Each entry that follows should be given again word for word; please leave out its pictures.
*** Opening of SUPPLIED DATA ***
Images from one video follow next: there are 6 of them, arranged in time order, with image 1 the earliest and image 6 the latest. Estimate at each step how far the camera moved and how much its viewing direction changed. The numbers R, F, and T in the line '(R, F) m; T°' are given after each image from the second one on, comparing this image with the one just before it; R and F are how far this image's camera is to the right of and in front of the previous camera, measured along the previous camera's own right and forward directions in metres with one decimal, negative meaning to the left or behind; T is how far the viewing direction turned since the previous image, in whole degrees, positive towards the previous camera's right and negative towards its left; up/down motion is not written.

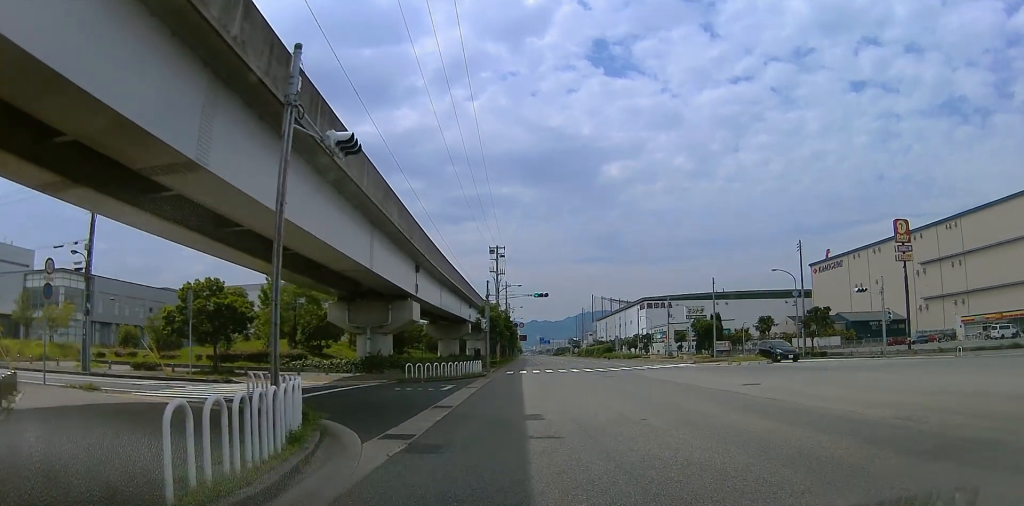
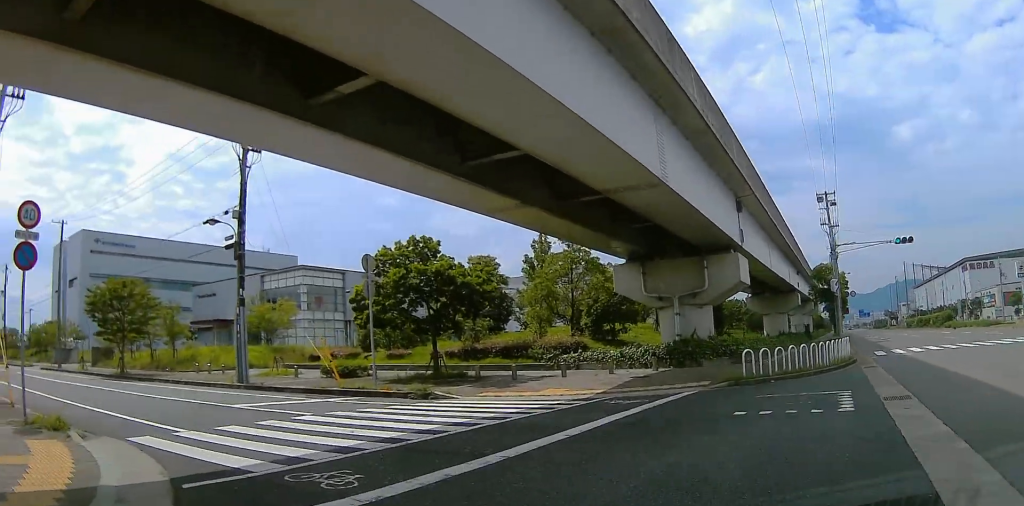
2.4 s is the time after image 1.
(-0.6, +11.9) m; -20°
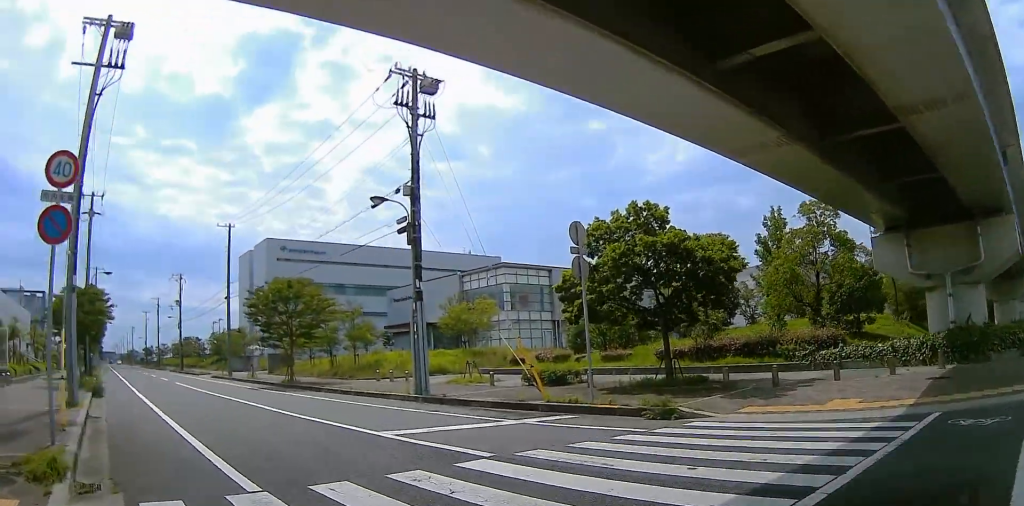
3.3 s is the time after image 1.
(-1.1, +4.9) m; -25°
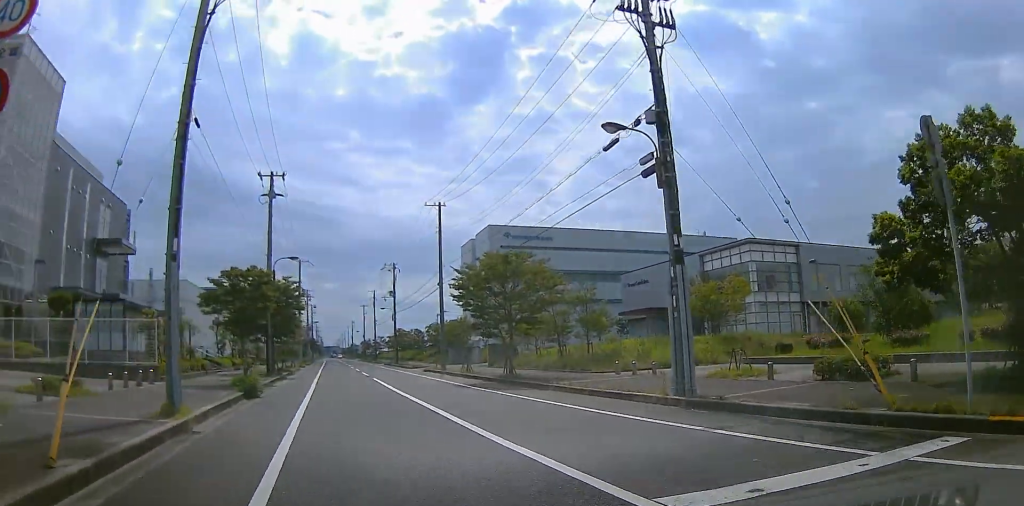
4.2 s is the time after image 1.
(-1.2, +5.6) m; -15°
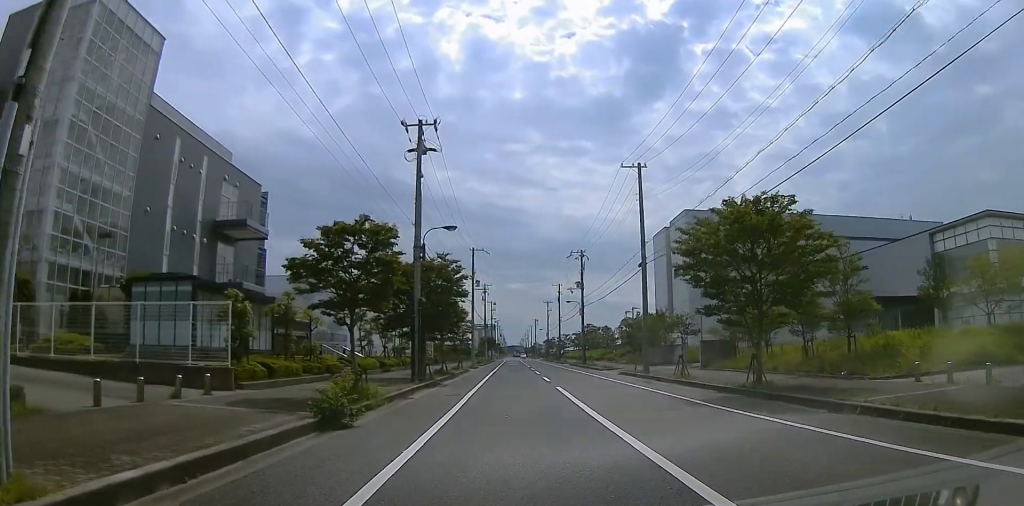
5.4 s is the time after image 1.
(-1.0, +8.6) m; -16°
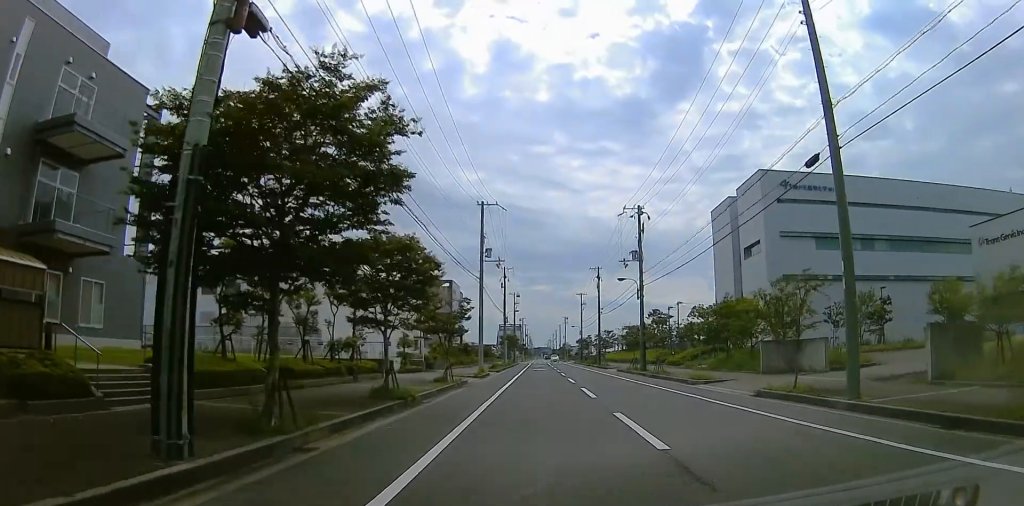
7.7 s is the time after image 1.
*** Close of SUPPLIED DATA ***
_EXERCISE RESULT_.
Images from one video follow next: there are 6 of them, arranged in time order, with image 1 the earliest and image 6 the latest. Estimate at each step how far the camera moved and how much its viewing direction changed. The numbers R, F, and T in the line '(R, F) m; T°' are given after each image from the second one on, comparing this image with the one just before it; R and F are how far this image's camera is to the right of and in front of the previous camera, measured along the previous camera's own right and forward directions in metres with one decimal, negative meaning to the left or behind; T is how far the viewing direction turned since the previous image, in whole degrees, positive towards the previous camera's right and negative towards its left; up/down motion is not written.

2.4 s is the time after image 1.
(-0.6, +11.9) m; -20°
3.3 s is the time after image 1.
(-1.1, +4.9) m; -25°
4.2 s is the time after image 1.
(-1.2, +5.6) m; -15°
5.4 s is the time after image 1.
(-1.0, +8.6) m; -16°
7.7 s is the time after image 1.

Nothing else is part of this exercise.